• **Records shown**:
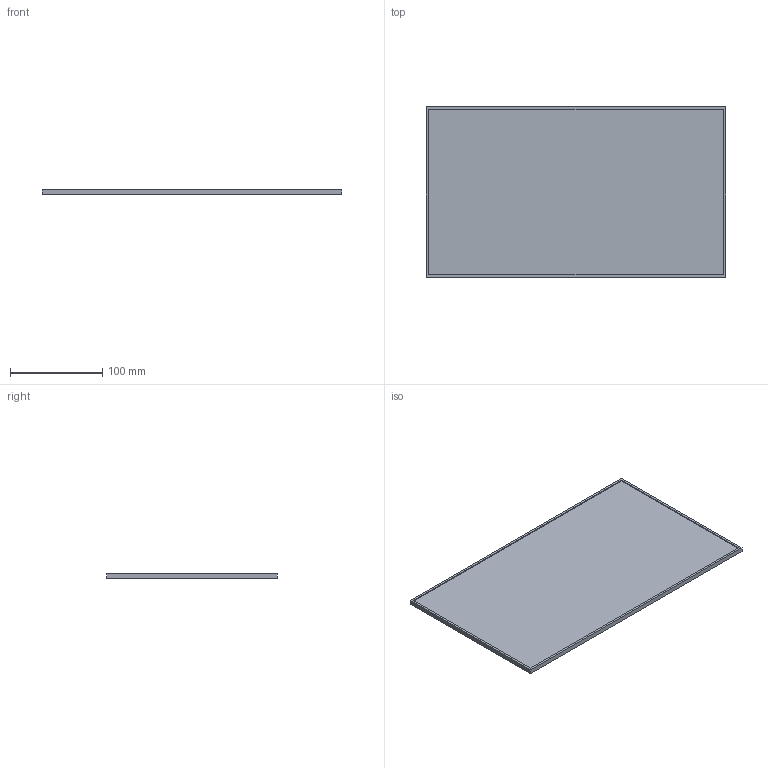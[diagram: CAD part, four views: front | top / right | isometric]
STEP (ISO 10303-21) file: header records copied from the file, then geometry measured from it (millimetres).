
FILE_DESCRIPTION(('HOOPS Exchange Step'),'2;1');
FILE_NAME('temp_export','2024-08-09T16:42:12+08:00',('sharma21'),('Shapr3D Limited'),'HOOPS Exchange 2024.2','Shapr3D','Authorized');
FILE_SCHEMA( ('AP242_MANAGED_MODEL_BASED_3D_ENGINEERING_MIM_LF {1 0 10303 442 1 1 4 }') );
Length unit declared in the file: millimetre
Products named in the file (1): root
Bounding box: 325 x 185 x 5 mm (x, y, z)
Volume: 243025 mm3; surface area: 134350 mm2
Topology: 2 solids, 2 shells, 16 faces, 36 edges, 24 vertices
Faces by surface type: plane 16
Entity records: 479 total; most frequent: CARTESIAN_POINT 78, DIRECTION 72, ORIENTED_EDGE 72, VECTOR 36, LINE 36, EDGE_CURVE 36, VERTEX_POINT 24, AXIS2_PLACEMENT_3D 18

• **Directions**: The answer is the complete set of records, copied exactly, with pictures omitted.

• **Answer space**:
[diagram: CAD part, four views: front | top / right | isometric]
STEP (ISO 10303-21) file: header records copied from the file, then geometry measured from it (millimetres).
FILE_DESCRIPTION(('HOOPS Exchange Step'),'2;1');
FILE_NAME('temp_export','2024-08-09T16:42:12+08:00',('sharma21'),('Shapr3D Limited'),'HOOPS Exchange 2024.2','Shapr3D','Authorized');
FILE_SCHEMA( ('AP242_MANAGED_MODEL_BASED_3D_ENGINEERING_MIM_LF {1 0 10303 442 1 1 4 }') );
Length unit declared in the file: millimetre
Products named in the file (1): root
Bounding box: 325 x 185 x 5 mm (x, y, z)
Volume: 243025 mm3; surface area: 134350 mm2
Topology: 2 solids, 2 shells, 16 faces, 36 edges, 24 vertices
Faces by surface type: plane 16
Entity records: 479 total; most frequent: CARTESIAN_POINT 78, DIRECTION 72, ORIENTED_EDGE 72, VECTOR 36, LINE 36, EDGE_CURVE 36, VERTEX_POINT 24, AXIS2_PLACEMENT_3D 18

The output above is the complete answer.